Monday, January 20, 2014

The Angry/wimpy Black Man

It's MLK day and the day after the NFL conference championship games. To say that today is a day that has people talking is kind of stating the obvious. Last night, after 4 teams were whittled down to two teams, the focus quickly turned to the upcoming super bowl. Of course before we get to that we have to get to the fact that Seattle corner back Richard Sherman has been the name on everyone's brain today. Of course for me, Richard Sherman is symptom of a bigger issue that I've noticed during my 26 years of life.

This all stems from his post game interview where he loudly exclaimed that he's the best defensive player in the NFL. Somehow this rubbed some people the wrong way(despite his numbers backing up his claim) due to the fact that he was loud, boisterous and willing to trash talk another player. I personally have 0 problem with this because sports is basically a struggle between players to assert athletic dominance and sometimes the way to help assert that dominance is through self reassurance and even a good dose of trash talking. What bugs me however is that being loud, animated, boisterous and sure of yourself is looked down on despite the fact that we as a nation tune in to see players be exactly that. I find myself wondering how I would have been if it were me, instead of Richard Sherman who made the play that every kid playing the sport of football dreams of, the winning play, the play that sent your team to a super bowl and a fan base of millions out in to the streets to celebrate. How would I react to being asked about that play only a few seconds after making it? Would I show raw emotion and call out a player who in the past had gone out of his way to be a complete and total ass towards me? Or would I give a canned answer followed by slick product placement for Bud Light? Looking at the circumstances, I find it hard to believe that I, nor anyone else would show anything other than raw emotion that may even come across as a bit of a rant.

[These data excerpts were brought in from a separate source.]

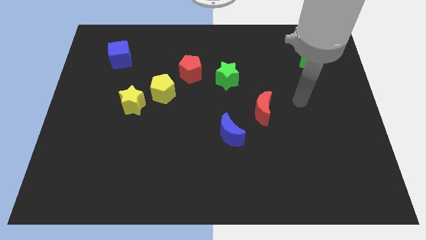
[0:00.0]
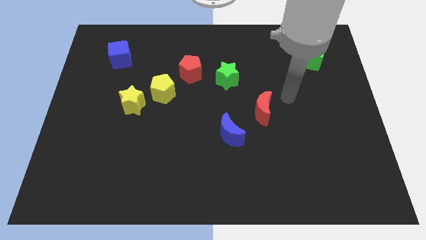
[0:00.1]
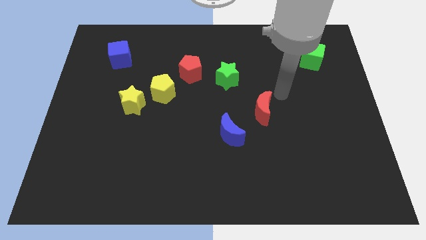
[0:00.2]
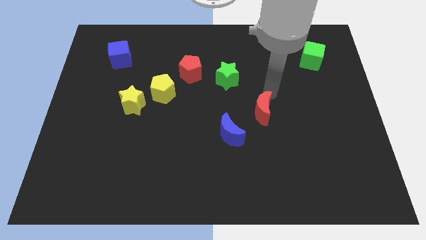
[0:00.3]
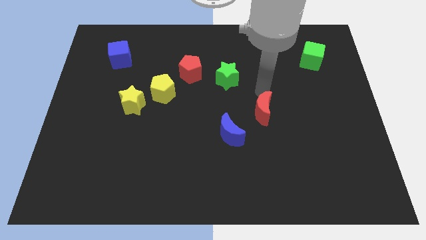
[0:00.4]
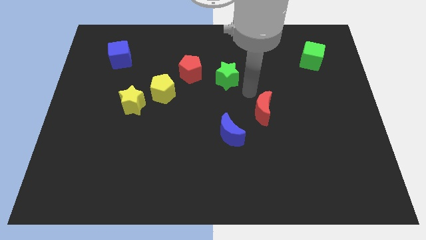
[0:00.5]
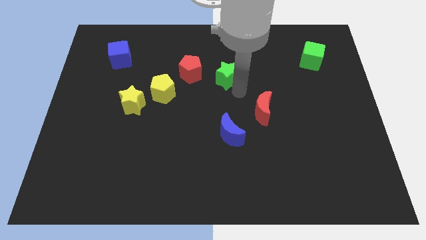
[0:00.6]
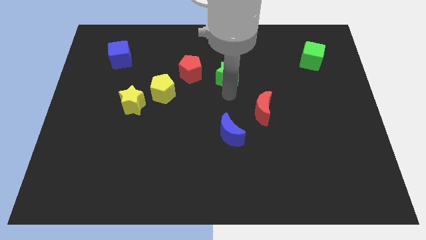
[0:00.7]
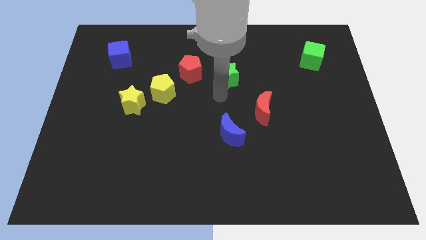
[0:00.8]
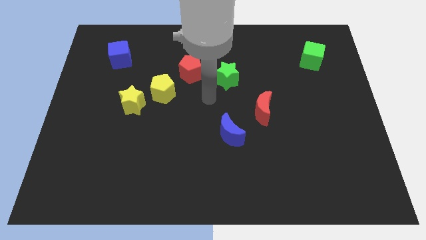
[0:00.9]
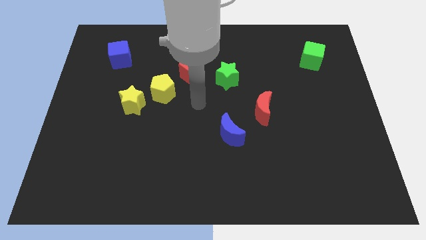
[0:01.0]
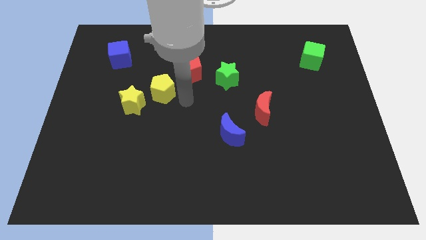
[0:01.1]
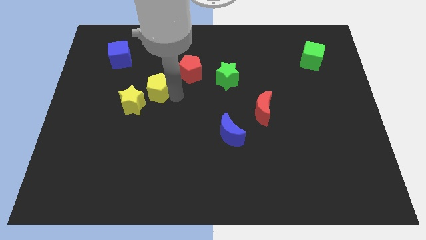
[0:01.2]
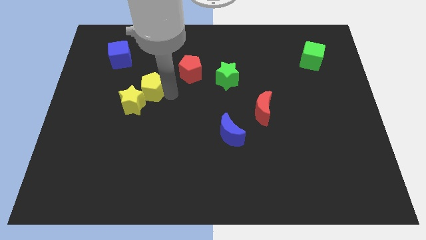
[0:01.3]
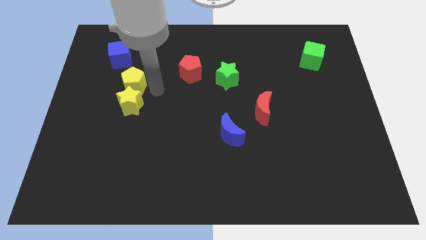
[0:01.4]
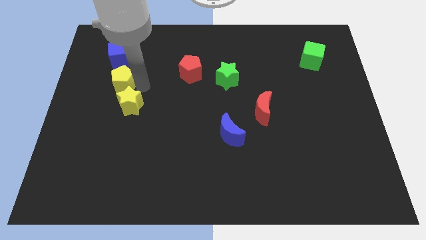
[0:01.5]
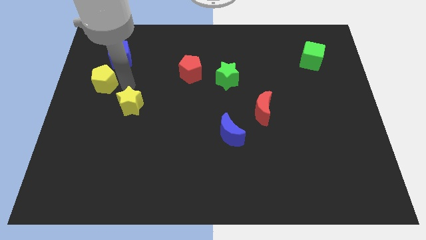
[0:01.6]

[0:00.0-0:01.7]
pull the yellow star apart from the yellow pentagon

With that said, why is it so fine for someone like Jim Harbaugh to get loud, throw a hissy fit, go on profane tirades and invade the personal space of others but totally classless for a player to voice his honest opinion(without being profane) on the sport during an interview? Is it the sheer optics of seeing an imposing black man yelling in the general area of a waif-ish white woman? Is it our sliding scale of sportsmanship that says it's fine for hockey players to beat each other bloody but the same action among NBA players is considered thuggish, a bad look for a race of people and against what's considered decent in American society? Or could it be that we as Americans have yet to come to terms with the hypocritical nature of wanting someone to excel at their job but being offended when they mention that they're excelling at their job?

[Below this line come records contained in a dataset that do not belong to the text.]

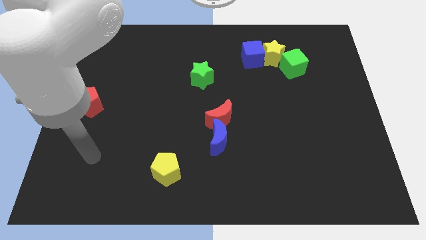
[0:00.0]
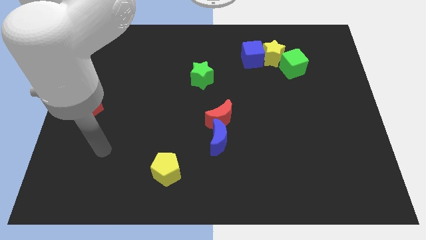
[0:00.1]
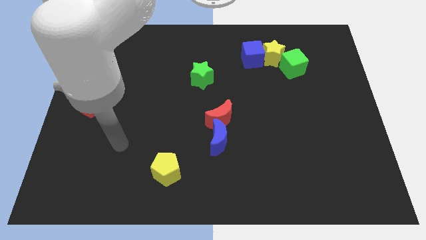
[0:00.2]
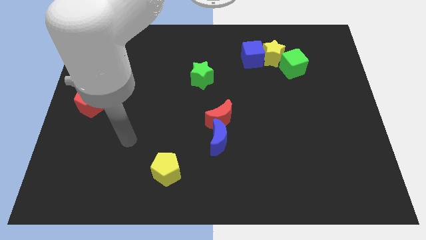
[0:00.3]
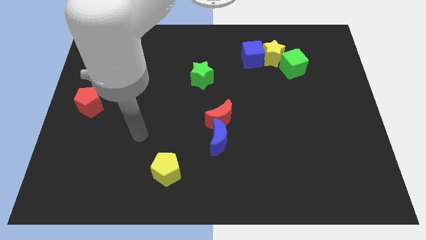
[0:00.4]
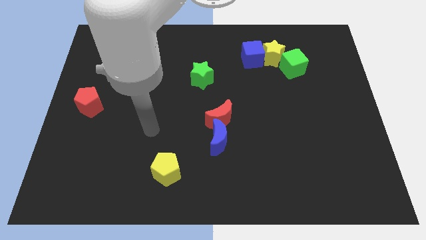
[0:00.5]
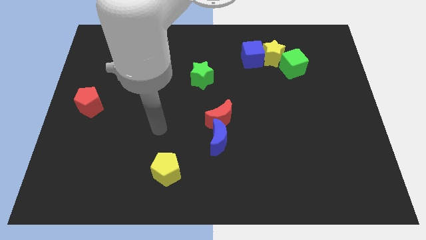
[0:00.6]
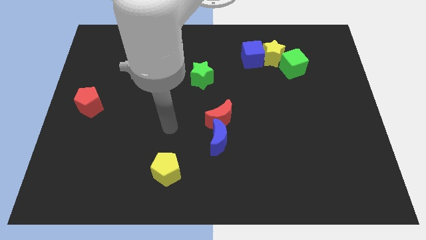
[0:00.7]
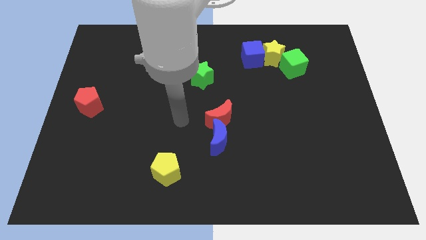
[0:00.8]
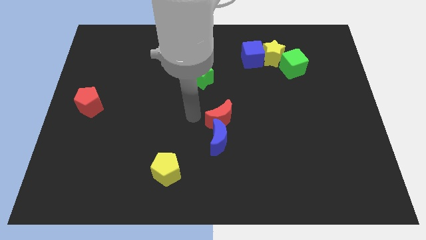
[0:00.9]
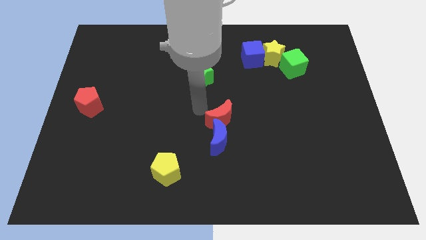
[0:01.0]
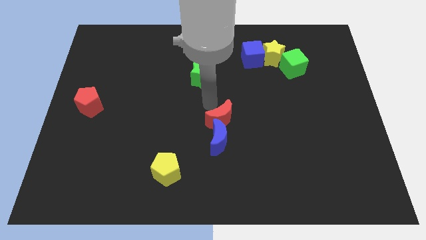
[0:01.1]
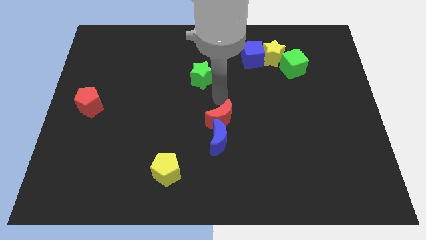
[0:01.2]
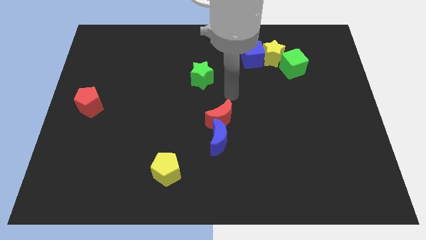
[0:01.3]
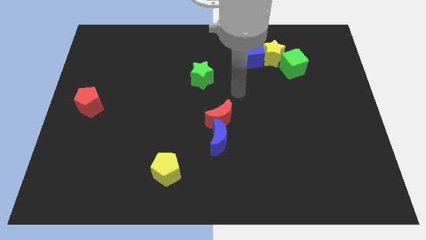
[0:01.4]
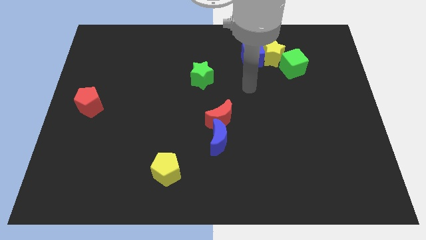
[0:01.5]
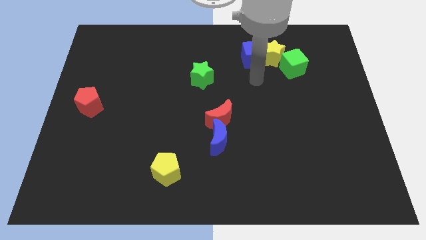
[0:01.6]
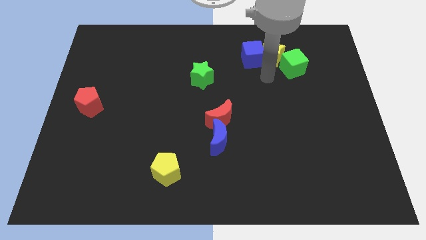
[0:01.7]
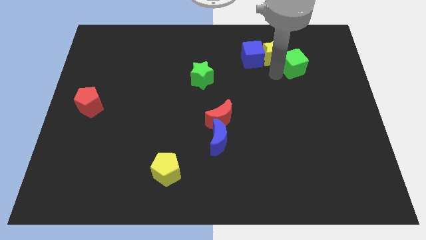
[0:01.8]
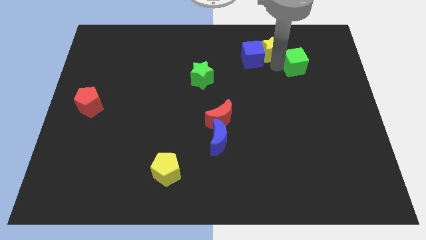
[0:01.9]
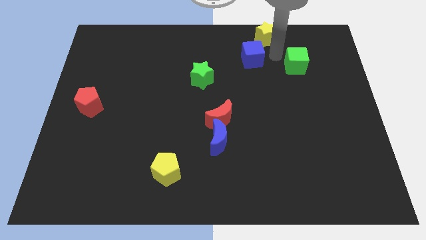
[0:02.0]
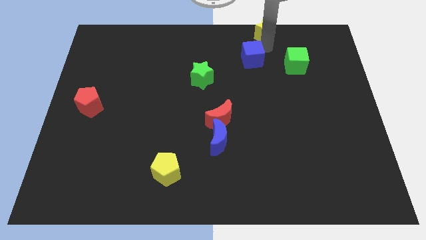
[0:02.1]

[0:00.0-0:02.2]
move the blue cube away from the yellow star

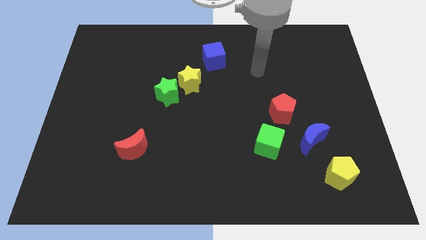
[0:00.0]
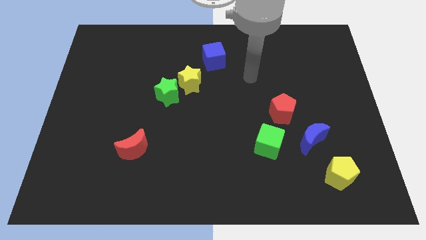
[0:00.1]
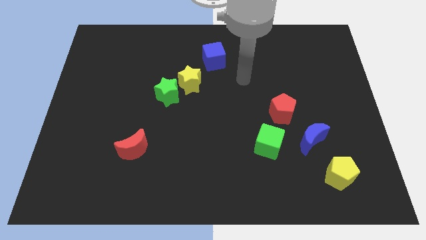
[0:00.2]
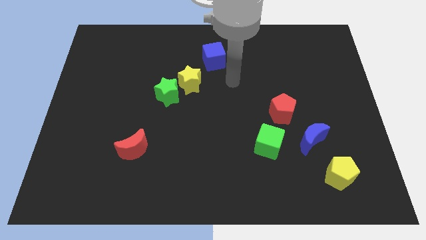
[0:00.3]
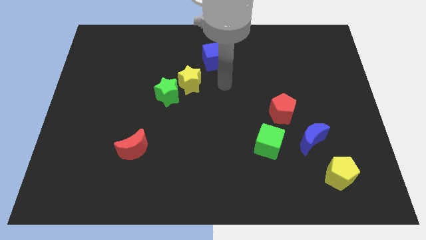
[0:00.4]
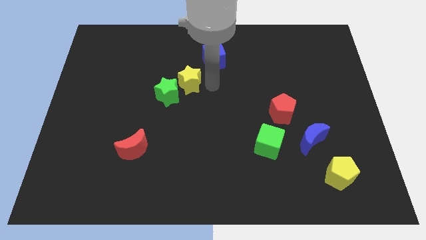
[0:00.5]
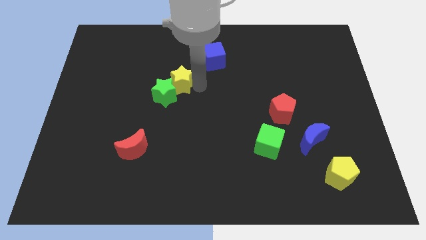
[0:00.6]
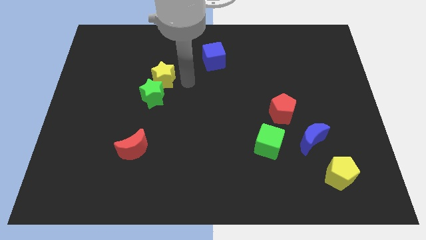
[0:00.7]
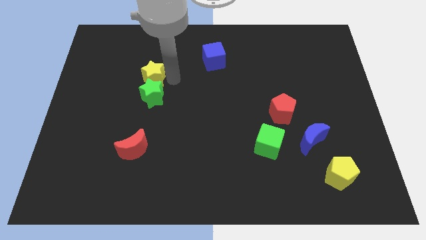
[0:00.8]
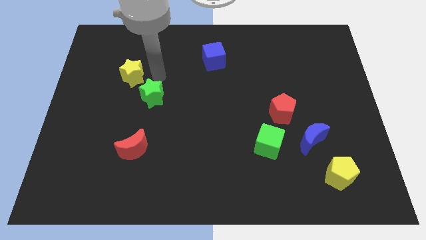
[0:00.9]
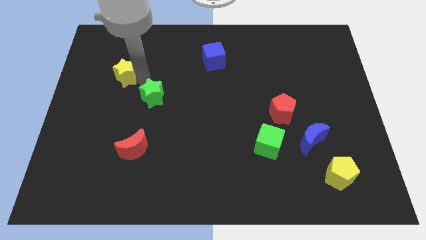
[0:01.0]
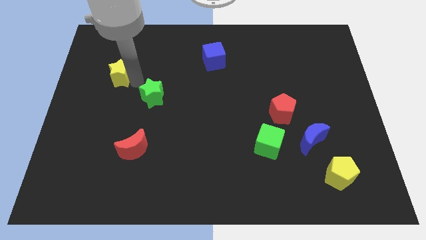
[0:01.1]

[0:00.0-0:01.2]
pull the green star apart from the yellow star

Whatever it is it seems to be a huge double standard that goes beyond just the realms of professional sports. We openly celebrate politicians such as New Jersey Governor Chris Christie for being a loud, assertive, authoritative and even dominant alpha male while at the same time being caught off guard and even offended when President Obama shows some of these same traits on occasion. When the president does on occasion show his frustration with the continuing gridlock in congress, he gets painted as an angry black man, a bully and even a racist when he even bothers to mention that racism still exists. This characterization isn't just from his political opponents but also from people who otherwise agree with him on policy issues and the blogosphere on all sides of the political spectrum. Of course the other side of this is that President Obama is often portrayed as a complete and total wimp thus making his occasional showings of public frustration even more jarring to people.

As a black man, and as a man in general, the one thing that you can't be seen as is a wimp. You really can't even be soft spoken or the quiet type in a lot of situations. From personal experience, I can point out that not being loud, assertive and trying to dominate the conversation can lead to people questioning your loyalty, ability and motivations. It also instills a false belief in people that you're a pushover and therefore gives them a right to routinely and purposely go out of their way to disrespect you. Even in a work situation that doesn't involve running full speed in to 300lb men who are shouting profanities about your mother at you, this can and does happen. No one wants to be that guy. No one wants to be the wimp and most guys really aren't angry alpha males who feel the need to go out of their way show the world that they're the angry alpha male. There has to be a middle ground somewhere and I'm sure that most people fall in to it. Of course, until we acknowledge that middle ground and stop having a weird double standard about it, guys like me will always be left out in the cold as either too aggressive, too arrogant or weak depending on how we decide to answer a question on any particular day.